Graphis tetralocularis

Scientific classification
- Kingdom: Fungi
- Division: Ascomycota
- Class: Lecanoromycetes
- Order: Graphidales
- Family: Graphidaceae
- Genus: Graphis
- Species: G. tetralocularis
- Binomial name: Graphis tetralocularis C.Bock & M.Hauck (2005)

= Graphis tetralocularis =

- Genus: Graphis (lichen)
- Species: tetralocularis
- Authority: C.Bock & M.Hauck (2005)

Species of lichen-forming fungus

Graphis tetralocularis is a species of crustose lichen in the family Graphidaceae.
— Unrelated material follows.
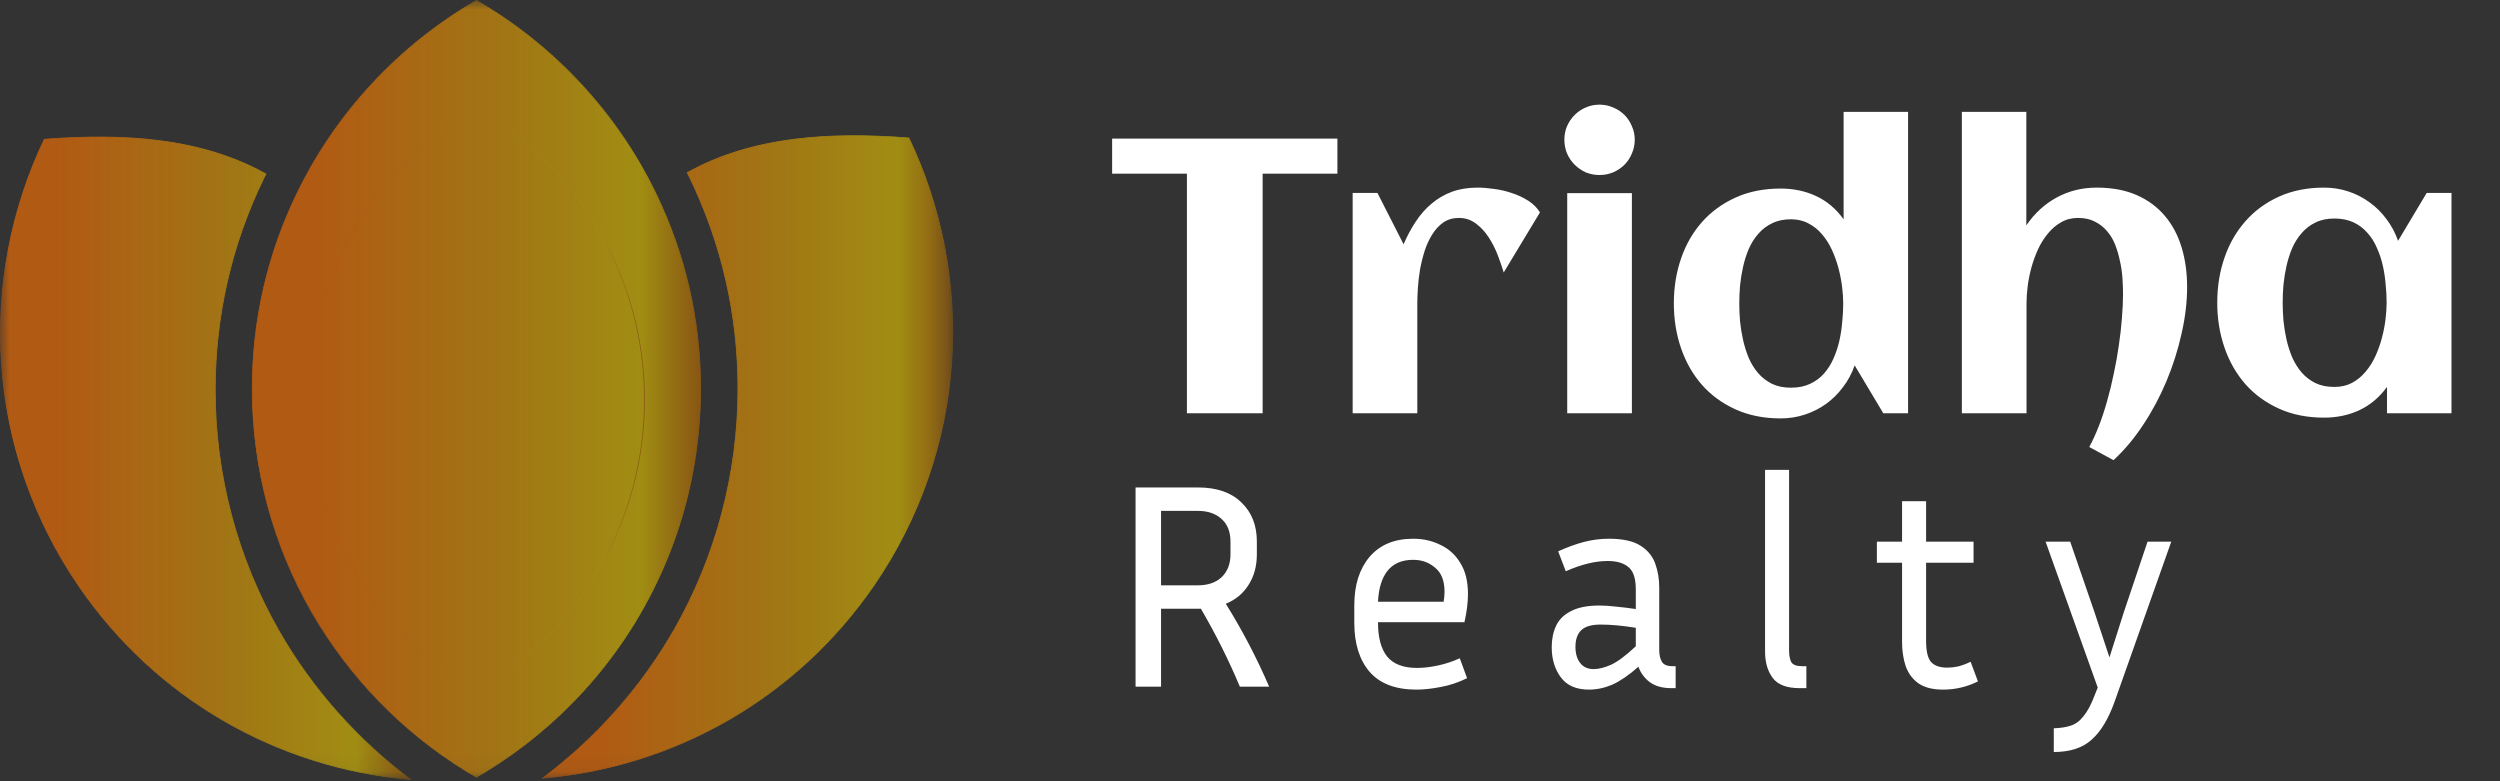 <svg xmlns="http://www.w3.org/2000/svg" width="128" height="40" viewBox="0 0 128 40" fill="none"><rect x="0" y="0" width="128" height="40" fill="#333333" stroke="none"/><mask id="mask0_600_186" style="mask-type:luminance" maskUnits="userSpaceOnUse" x="0" y="0" width="49" height="40"><path d="M0 -2.95654e-05H48.802V39.937H0V-2.95654e-05Z" fill="white"></path></mask><g mask="url(#mask0_600_186)"><g opacity="0.62"><path d="M14.285 32.303C12.149 28.567 11.02 24.304 11.02 19.976C11.02 16.177 11.855 12.528 13.504 9.131C13.541 9.055 13.581 8.982 13.618 8.906C10.187 7 6.134 6.834 2.267 7.13C-1.149 14.285 -0.76 23.013 4.043 30.021C8.09 35.924 14.407 39.343 21.023 39.911C18.291 37.87 15.984 35.273 14.285 32.303Z" fill="url(#paint0_linear_600_186)"></path><path d="M2.281 7.149C-1.234 14.521 -0.553 23.279 4.06 30.01C7.947 35.679 14.102 39.275 20.955 39.885C18.252 37.853 15.94 35.237 14.268 32.313C12.13 28.574 11 24.308 11 19.976C11 16.174 11.837 12.522 13.486 9.122C13.507 9.079 13.529 9.037 13.552 8.994C13.565 8.968 13.579 8.941 13.592 8.915C9.853 6.845 5.349 6.915 2.281 7.149ZM21.091 39.937L21.021 39.931C14.128 39.339 7.934 35.731 4.027 30.032C1.706 26.646 0.332 22.704 0.054 18.632C-0.217 14.678 0.542 10.698 2.25 7.122L2.255 7.112L2.266 7.11C4.505 6.939 6.416 6.959 8.109 7.172C10.224 7.439 12.029 8 13.628 8.889L13.645 8.898L13.636 8.915C13.62 8.948 13.604 8.98 13.586 9.012C13.565 9.055 13.543 9.097 13.522 9.14C11.875 12.534 11.04 16.18 11.04 19.976C11.04 24.301 12.168 28.56 14.303 32.293C15.983 35.232 18.311 37.861 21.035 39.895L21.091 39.937Z" fill="url(#paint1_linear_600_186)"></path><path d="M46.534 7.062C42.667 6.766 38.614 6.932 35.183 8.838C35.221 8.914 35.261 8.987 35.297 9.063C36.946 12.46 37.782 16.109 37.782 19.908C37.782 24.237 36.652 28.499 34.517 32.235C32.819 35.204 30.513 37.8 27.777 39.843C34.394 39.275 40.71 35.857 44.757 29.953C49.561 22.945 49.95 14.217 46.534 7.062Z" fill="url(#paint2_linear_600_186)"></path><path d="M35.211 8.847C35.225 8.874 35.239 8.901 35.253 8.929C35.275 8.971 35.296 9.012 35.317 9.055C36.967 12.454 37.803 16.106 37.803 19.908C37.803 24.24 36.673 28.506 34.535 32.245C32.864 35.167 30.552 37.785 27.847 39.818C34.7 39.208 40.855 35.612 44.743 29.942C49.355 23.212 50.037 14.453 46.522 7.082C43.454 6.847 38.95 6.777 35.211 8.847ZM27.711 39.869L27.767 39.828C30.493 37.792 32.821 35.163 34.501 32.225C36.635 28.492 37.763 24.233 37.763 19.908C37.763 16.113 36.928 12.467 35.281 9.072C35.261 9.03 35.239 8.988 35.218 8.947C35.2 8.914 35.183 8.881 35.166 8.847L35.158 8.83L35.175 8.821C36.774 7.933 38.579 7.371 40.694 7.105C42.386 6.891 44.298 6.871 46.536 7.043L46.548 7.044L46.553 7.054C48.261 10.63 49.02 14.61 48.749 18.565C48.471 22.636 47.096 26.579 44.776 29.965C40.868 35.663 34.674 39.271 27.78 39.863L27.711 39.869Z" fill="url(#paint3_linear_600_186)"></path><path d="M24.392 0.024C20.427 2.317 17.214 5.762 15.207 9.899C13.738 12.924 12.914 16.32 12.914 19.908C12.914 28.189 17.297 35.444 23.871 39.48C24.043 39.587 24.217 39.69 24.392 39.792C24.567 39.69 24.741 39.587 24.913 39.48C26.762 38.345 28.438 36.955 29.892 35.36C33.606 31.282 35.87 25.86 35.87 19.908C35.87 16.32 35.046 12.925 33.577 9.899C31.57 5.762 28.357 2.317 24.392 0.024Z" fill="url(#paint4_linear_600_186)"></path><path d="M24.392 0.047C20.404 2.356 17.235 5.765 15.225 9.907C13.705 13.039 12.934 16.404 12.934 19.908C12.934 27.944 17.027 35.255 23.882 39.463C24.035 39.558 24.198 39.656 24.392 39.77C24.587 39.656 24.75 39.558 24.903 39.463C26.745 38.332 28.419 36.947 29.877 35.346C33.729 31.117 35.85 25.635 35.85 19.908C35.85 16.404 35.08 13.04 33.56 9.907L33.552 9.889C31.542 5.755 28.375 2.352 24.392 0.047ZM24.392 39.815L24.383 39.81C24.183 39.693 24.017 39.594 23.861 39.497C20.573 37.478 17.824 34.642 15.91 31.295C13.937 27.845 12.895 23.907 12.895 19.908C12.895 16.398 13.667 13.027 15.189 9.89C16.187 7.832 17.487 5.936 19.051 4.256C20.612 2.579 22.405 1.15 24.383 0.007L24.392 0.001L24.402 0.007C26.38 1.15 28.174 2.579 29.734 4.256C31.298 5.936 32.598 7.832 33.596 9.89L33.602 9.902C35.121 13.036 35.89 16.403 35.89 19.908C35.89 25.645 33.765 31.137 29.907 35.373C28.446 36.977 26.77 38.364 24.924 39.497C24.768 39.594 24.602 39.693 24.402 39.81L24.392 39.815Z" fill="url(#paint5_linear_600_186)"></path><path d="M24.39 5.584C21.401 7.314 19.026 9.87 17.519 12.975C16.38 15.324 15.802 17.847 15.802 20.474C15.802 26.499 18.87 31.98 24.01 35.135C24.124 35.207 24.245 35.279 24.39 35.364C24.53 35.282 24.655 35.207 24.771 35.135C26.152 34.287 27.407 33.249 28.5 32.049C31.388 28.878 32.979 24.767 32.979 20.474C32.979 17.846 32.401 15.323 31.262 12.975L31.253 12.957H31.253C29.746 9.861 27.374 7.312 24.39 5.584ZM24.39 35.41L24.381 35.404C24.231 35.317 24.106 35.242 23.989 35.169C21.523 33.655 19.46 31.527 18.025 29.017C16.544 26.428 15.762 23.474 15.762 20.474C15.762 17.84 16.341 15.312 17.483 12.958C18.995 9.842 21.38 7.278 24.381 5.543L24.39 5.537L24.401 5.543C27.401 7.278 29.786 9.842 31.298 12.958L31.3 12.962C32.441 15.315 33.019 17.842 33.019 20.474C33.019 24.777 31.425 28.898 28.53 32.075C27.434 33.278 26.177 34.319 24.792 35.169C24.673 35.243 24.545 35.32 24.401 35.404L24.39 35.41Z" fill="url(#paint6_linear_600_186)"></path></g></g><path d="M64.647 21.158H60.77V8.893H56.941V7.096H68.475V8.893H64.647V21.158ZM78.846 10.875L76.99 13.951C76.912 13.691 76.811 13.398 76.688 13.072C76.564 12.747 76.411 12.444 76.228 12.164C76.046 11.878 75.828 11.64 75.574 11.451C75.32 11.256 75.027 11.158 74.695 11.158C74.389 11.158 74.122 11.236 73.894 11.393C73.673 11.549 73.484 11.754 73.328 12.008C73.172 12.255 73.042 12.539 72.938 12.857C72.84 13.17 72.762 13.489 72.703 13.815C72.651 14.134 72.615 14.443 72.596 14.742C72.576 15.035 72.566 15.289 72.566 15.504V21.158H69.256V9.879H70.525L71.863 12.506C72.046 12.083 72.254 11.695 72.488 11.344C72.723 10.986 72.993 10.68 73.299 10.426C73.605 10.165 73.95 9.964 74.334 9.82C74.725 9.677 75.164 9.606 75.652 9.606C75.906 9.606 76.189 9.628 76.502 9.674C76.814 9.713 77.12 9.785 77.42 9.889C77.719 9.986 77.996 10.117 78.25 10.279C78.504 10.442 78.703 10.641 78.846 10.875ZM83.699 7.154C83.699 7.402 83.65 7.636 83.553 7.858C83.462 8.079 83.335 8.271 83.172 8.434C83.009 8.596 82.817 8.727 82.596 8.824C82.374 8.915 82.14 8.961 81.893 8.961C81.645 8.961 81.411 8.915 81.189 8.824C80.975 8.727 80.786 8.596 80.623 8.434C80.46 8.271 80.33 8.079 80.232 7.858C80.141 7.636 80.096 7.402 80.096 7.154C80.096 6.907 80.141 6.676 80.232 6.461C80.33 6.24 80.46 6.048 80.623 5.885C80.786 5.722 80.975 5.595 81.189 5.504C81.411 5.406 81.645 5.358 81.893 5.358C82.14 5.358 82.374 5.406 82.596 5.504C82.817 5.595 83.009 5.722 83.172 5.885C83.335 6.048 83.462 6.24 83.553 6.461C83.65 6.676 83.699 6.907 83.699 7.154ZM83.553 21.158H80.242V9.889H83.553V21.158ZM97.693 21.158H96.424L94.959 18.707C94.816 19.117 94.617 19.488 94.363 19.82C94.116 20.152 93.826 20.439 93.494 20.68C93.169 20.914 92.807 21.096 92.41 21.227C92.019 21.357 91.606 21.422 91.17 21.422C90.311 21.422 89.542 21.269 88.865 20.963C88.188 20.657 87.615 20.24 87.147 19.713C86.678 19.179 86.32 18.554 86.072 17.838C85.825 17.122 85.701 16.354 85.701 15.533C85.701 14.713 85.825 13.945 86.072 13.229C86.32 12.512 86.678 11.891 87.147 11.363C87.615 10.836 88.188 10.419 88.865 10.113C89.542 9.807 90.311 9.654 91.17 9.654C91.828 9.654 92.43 9.781 92.977 10.035C93.53 10.289 94.002 10.686 94.393 11.227V5.729H97.693V21.158ZM94.373 15.533C94.373 15.273 94.353 14.986 94.314 14.674C94.275 14.361 94.213 14.046 94.129 13.727C94.044 13.408 93.934 13.098 93.797 12.799C93.66 12.499 93.491 12.232 93.289 11.998C93.094 11.764 92.863 11.578 92.596 11.441C92.335 11.298 92.036 11.227 91.697 11.227C91.326 11.227 91.004 11.295 90.731 11.432C90.457 11.562 90.223 11.741 90.027 11.969C89.832 12.19 89.669 12.447 89.539 12.74C89.415 13.033 89.318 13.339 89.246 13.658C89.174 13.977 89.122 14.3 89.09 14.625C89.064 14.944 89.051 15.247 89.051 15.533C89.051 15.82 89.064 16.126 89.09 16.451C89.122 16.77 89.174 17.089 89.246 17.408C89.318 17.727 89.415 18.037 89.539 18.336C89.669 18.629 89.832 18.889 90.027 19.117C90.223 19.339 90.457 19.518 90.731 19.654C91.004 19.785 91.326 19.85 91.697 19.85C92.068 19.85 92.394 19.785 92.674 19.654C92.954 19.524 93.191 19.348 93.387 19.127C93.588 18.899 93.751 18.642 93.875 18.356C94.005 18.063 94.106 17.757 94.178 17.438C94.249 17.112 94.298 16.787 94.324 16.461C94.357 16.136 94.373 15.826 94.373 15.533ZM111.98 14.694C111.98 15.455 111.886 16.25 111.697 17.076C111.515 17.903 111.258 18.714 110.926 19.508C110.594 20.302 110.197 21.048 109.734 21.744C109.272 22.447 108.764 23.053 108.211 23.561L106.971 22.887C107.146 22.561 107.312 22.197 107.469 21.793C107.625 21.389 107.765 20.963 107.889 20.514C108.019 20.058 108.133 19.589 108.23 19.108C108.335 18.626 108.419 18.151 108.484 17.682C108.556 17.206 108.608 16.747 108.641 16.305C108.68 15.856 108.699 15.439 108.699 15.055C108.699 14.801 108.689 14.531 108.67 14.244C108.65 13.951 108.608 13.662 108.543 13.375C108.484 13.082 108.403 12.802 108.299 12.535C108.195 12.268 108.055 12.034 107.879 11.832C107.71 11.63 107.501 11.468 107.254 11.344C107.013 11.22 106.727 11.158 106.395 11.158C106.069 11.158 105.779 11.233 105.525 11.383C105.271 11.526 105.047 11.718 104.852 11.959C104.656 12.194 104.487 12.464 104.344 12.77C104.207 13.076 104.093 13.391 104.002 13.717C103.917 14.036 103.855 14.352 103.816 14.664C103.777 14.977 103.758 15.257 103.758 15.504V21.158H100.447V5.729H103.748V11.539C104.171 10.921 104.689 10.445 105.301 10.113C105.919 9.775 106.603 9.606 107.352 9.606C108.133 9.606 108.813 9.733 109.393 9.986C109.972 10.24 110.454 10.595 110.838 11.051C111.222 11.5 111.508 12.037 111.697 12.662C111.886 13.281 111.98 13.958 111.98 14.694ZM125.516 21.158H122.215V19.811C121.824 20.345 121.352 20.742 120.799 21.002C120.252 21.256 119.65 21.383 118.992 21.383C118.133 21.383 117.365 21.23 116.688 20.924C116.01 20.618 115.438 20.201 114.969 19.674C114.5 19.14 114.142 18.515 113.895 17.799C113.647 17.083 113.523 16.315 113.523 15.494C113.523 14.674 113.647 13.906 113.895 13.19C114.142 12.473 114.5 11.852 114.969 11.324C115.438 10.79 116.01 10.371 116.688 10.065C117.365 9.759 118.133 9.606 118.992 9.606C119.428 9.606 119.842 9.671 120.232 9.801C120.63 9.931 120.991 10.117 121.316 10.357C121.648 10.592 121.938 10.878 122.186 11.217C122.439 11.549 122.638 11.92 122.781 12.33L124.246 9.879H125.516V21.158ZM122.195 15.494C122.195 15.201 122.179 14.892 122.146 14.566C122.12 14.241 122.072 13.919 122 13.6C121.928 13.281 121.827 12.978 121.697 12.691C121.574 12.399 121.411 12.141 121.209 11.92C121.014 11.692 120.776 11.513 120.496 11.383C120.216 11.253 119.891 11.188 119.52 11.188C119.148 11.188 118.826 11.256 118.553 11.393C118.279 11.523 118.045 11.702 117.85 11.93C117.654 12.151 117.492 12.408 117.361 12.701C117.238 12.994 117.14 13.3 117.068 13.619C116.997 13.938 116.945 14.261 116.912 14.586C116.886 14.905 116.873 15.208 116.873 15.494C116.873 15.781 116.886 16.087 116.912 16.412C116.945 16.738 116.997 17.06 117.068 17.379C117.14 17.698 117.238 18.004 117.361 18.297C117.492 18.59 117.654 18.85 117.85 19.078C118.045 19.3 118.279 19.479 118.553 19.615C118.826 19.746 119.148 19.811 119.52 19.811C119.858 19.811 120.158 19.742 120.418 19.606C120.685 19.462 120.916 19.274 121.111 19.039C121.313 18.805 121.482 18.538 121.619 18.238C121.756 17.939 121.867 17.63 121.951 17.311C122.036 16.992 122.098 16.676 122.137 16.363C122.176 16.044 122.195 15.755 122.195 15.494ZM59.446 31.168V35.158H58.141V24.958H61.336C62.296 24.958 63.036 25.213 63.556 25.723C64.086 26.223 64.351 26.893 64.351 27.733V28.378C64.351 28.978 64.211 29.498 63.931 29.938C63.661 30.378 63.271 30.703 62.761 30.913C63.191 31.603 63.591 32.303 63.961 33.013C64.331 33.723 64.671 34.438 64.981 35.158H63.481C62.911 33.798 62.246 32.468 61.486 31.168H59.446ZM61.336 26.158H59.446V29.968H61.336C61.846 29.968 62.251 29.828 62.551 29.548C62.851 29.258 63.001 28.868 63.001 28.378V27.733C63.001 27.233 62.851 26.848 62.551 26.578C62.251 26.298 61.846 26.158 61.336 26.158ZM75.115 34.723C74.665 34.943 74.215 35.093 73.765 35.173C73.315 35.263 72.9 35.308 72.52 35.308C71.45 35.308 70.65 35.003 70.12 34.393C69.6 33.783 69.34 32.948 69.34 31.888V30.988C69.34 29.958 69.6 29.133 70.12 28.513C70.65 27.893 71.395 27.583 72.355 27.583C72.865 27.583 73.33 27.688 73.75 27.898C74.18 28.098 74.52 28.408 74.77 28.828C75.03 29.238 75.16 29.768 75.16 30.418C75.16 30.838 75.1 31.318 74.98 31.858H70.555V31.888C70.555 32.648 70.71 33.223 71.02 33.613C71.34 34.003 71.85 34.198 72.55 34.198C72.87 34.198 73.22 34.158 73.6 34.078C73.99 33.998 74.37 33.873 74.74 33.703L75.115 34.723ZM72.355 28.663C71.775 28.663 71.335 28.853 71.035 29.233C70.745 29.603 70.585 30.128 70.555 30.808H73.915C73.945 30.628 73.96 30.458 73.96 30.298C73.96 29.738 73.8 29.328 73.48 29.068C73.17 28.798 72.795 28.663 72.355 28.663ZM85.568 35.233C85.108 35.233 84.738 35.128 84.458 34.918C84.188 34.708 83.998 34.448 83.888 34.138C83.398 34.568 82.953 34.873 82.553 35.053C82.153 35.223 81.753 35.308 81.353 35.308C80.703 35.308 80.223 35.098 79.913 34.678C79.603 34.258 79.448 33.743 79.448 33.133C79.448 32.723 79.523 32.358 79.673 32.038C79.823 31.718 80.078 31.468 80.438 31.288C80.798 31.098 81.283 31.003 81.893 31.003C82.163 31.003 82.458 31.023 82.778 31.063C83.098 31.093 83.423 31.133 83.753 31.183V30.178C83.753 29.618 83.628 29.238 83.378 29.038C83.138 28.828 82.783 28.723 82.313 28.723C81.673 28.723 80.958 28.898 80.168 29.248L79.778 28.228C80.238 28.018 80.678 27.858 81.098 27.748C81.518 27.638 81.943 27.583 82.373 27.583C83.073 27.583 83.608 27.698 83.978 27.928C84.348 28.158 84.603 28.463 84.743 28.843C84.883 29.223 84.953 29.638 84.953 30.088V33.298C84.953 33.528 84.998 33.723 85.088 33.883C85.178 34.033 85.358 34.108 85.628 34.108H85.793V35.233H85.568ZM80.663 33.118C80.663 33.458 80.743 33.733 80.903 33.943C81.063 34.153 81.293 34.258 81.593 34.258C81.853 34.258 82.153 34.183 82.493 34.033C82.833 33.873 83.253 33.558 83.753 33.088V32.143C83.073 32.033 82.473 31.978 81.953 31.978C81.493 31.978 81.163 32.073 80.963 32.263C80.763 32.453 80.663 32.738 80.663 33.118ZM90.371 33.358V24.058H91.601V33.298C91.601 33.568 91.641 33.773 91.721 33.913C91.811 34.043 91.986 34.108 92.246 34.108H92.486V35.233H92.141C91.481 35.233 91.021 35.058 90.761 34.708C90.501 34.358 90.371 33.908 90.371 33.358ZM101.271 34.888C100.711 35.168 100.116 35.308 99.486 35.308C98.946 35.308 98.521 35.198 98.211 34.978C97.911 34.758 97.696 34.463 97.566 34.093C97.446 33.723 97.386 33.313 97.386 32.863V28.813H96.096V27.733H97.386V25.663H98.616V27.733H101.046V28.813H98.616V32.818C98.616 33.338 98.701 33.698 98.871 33.898C99.051 34.088 99.326 34.183 99.696 34.183C99.876 34.183 100.061 34.163 100.251 34.123C100.451 34.073 100.666 33.993 100.896 33.883L101.271 34.888ZM108.274 35.908C107.954 36.808 107.559 37.463 107.089 37.873C106.629 38.293 105.984 38.503 105.154 38.503V37.288C105.494 37.278 105.784 37.233 106.024 37.153C106.274 37.073 106.494 36.908 106.684 36.658C106.884 36.418 107.074 36.058 107.254 35.578L107.404 35.203L104.734 27.733H105.994L107.239 31.348L108.004 33.658L108.739 31.348L109.954 27.733H111.169L108.274 35.908Z" fill="white"></path><defs><linearGradient id="paint0_linear_600_186" x1="0.019" y1="23.463" x2="21.023" y2="23.463" gradientUnits="userSpaceOnUse"><stop stop-color="#FF7300"></stop><stop offset="0.139" stop-color="#FF7300"></stop><stop offset="0.552" stop-color="#E59E03"></stop><stop offset="0.865" stop-color="#E5C500"></stop><stop offset="0.994" stop-color="#BF6F00"></stop><stop offset="1" stop-color="#BF6F00"></stop></linearGradient><linearGradient id="paint1_linear_600_186" x1="-7.215e-05" y1="23.466" x2="21.091" y2="23.466" gradientUnits="userSpaceOnUse"><stop stop-color="#FF7300"></stop><stop offset="0.139" stop-color="#FF7300"></stop><stop offset="0.552" stop-color="#E59E03"></stop><stop offset="0.865" stop-color="#E5C500"></stop><stop offset="0.994" stop-color="#BF6F00"></stop><stop offset="1" stop-color="#BF6F00"></stop></linearGradient><linearGradient id="paint2_linear_600_186" x1="27.778" y1="23.395" x2="48.781" y2="23.395" gradientUnits="userSpaceOnUse"><stop stop-color="#FF7300"></stop><stop offset="0.139" stop-color="#FF7300"></stop><stop offset="0.552" stop-color="#E59E03"></stop><stop offset="0.865" stop-color="#E5C500"></stop><stop offset="0.994" stop-color="#BF6F00"></stop><stop offset="1" stop-color="#BF6F00"></stop></linearGradient><linearGradient id="paint3_linear_600_186" x1="27.711" y1="23.398" x2="48.803" y2="23.398" gradientUnits="userSpaceOnUse"><stop stop-color="#FF7300"></stop><stop offset="0.139" stop-color="#FF7300"></stop><stop offset="0.552" stop-color="#E59E03"></stop><stop offset="0.865" stop-color="#E5C500"></stop><stop offset="0.994" stop-color="#BF6F00"></stop><stop offset="1" stop-color="#BF6F00"></stop></linearGradient><linearGradient id="paint4_linear_600_186" x1="12.914" y1="19.908" x2="35.87" y2="19.908" gradientUnits="userSpaceOnUse"><stop stop-color="#FF7300"></stop><stop offset="0.139" stop-color="#FF7300"></stop><stop offset="0.552" stop-color="#E59E03"></stop><stop offset="0.865" stop-color="#E5C500"></stop><stop offset="0.994" stop-color="#BF6F00"></stop><stop offset="1" stop-color="#BF6F00"></stop></linearGradient><linearGradient id="paint5_linear_600_186" x1="12.895" y1="19.908" x2="35.89" y2="19.908" gradientUnits="userSpaceOnUse"><stop stop-color="#FF7300"></stop><stop offset="0.139" stop-color="#FF7300"></stop><stop offset="0.552" stop-color="#E59E03"></stop><stop offset="0.865" stop-color="#E5C500"></stop><stop offset="0.994" stop-color="#BF6F00"></stop><stop offset="1" stop-color="#BF6F00"></stop></linearGradient><linearGradient id="paint6_linear_600_186" x1="15.762" y1="20.474" x2="33.019" y2="20.474" gradientUnits="userSpaceOnUse"><stop stop-color="#FF7300"></stop><stop offset="0.139" stop-color="#FF7300"></stop><stop offset="0.552" stop-color="#E59E03"></stop><stop offset="0.865" stop-color="#E5C500"></stop><stop offset="0.994" stop-color="#BF6F00"></stop><stop offset="1" stop-color="#BF6F00"></stop></linearGradient></defs></svg>

Found in Rwanda, it was formally described as a new species in 2005 by Christina Bock and Markus Hauck. The type specimen was collected by the first author from Akagera National Park at an altitude of 1369 m; here it was found growing on a twig of a Nuxia floribunda tree. It is only known to occur at the type locality, which is a dry forest dominated by the trees Nuxia floribunda, Haplocoelum gallense, and Strychnos usambarensis. The lichen has a thin, smooth, whitish grey to grey-green crustose thallus. The specific epithet tetralocularis refers to the unusual morphology of its four-chambered ascospores. Graphis tetralocularis contains trace amounts of atranorin, a secondary chemical that can be detected using the technique of thin-layer chromatography.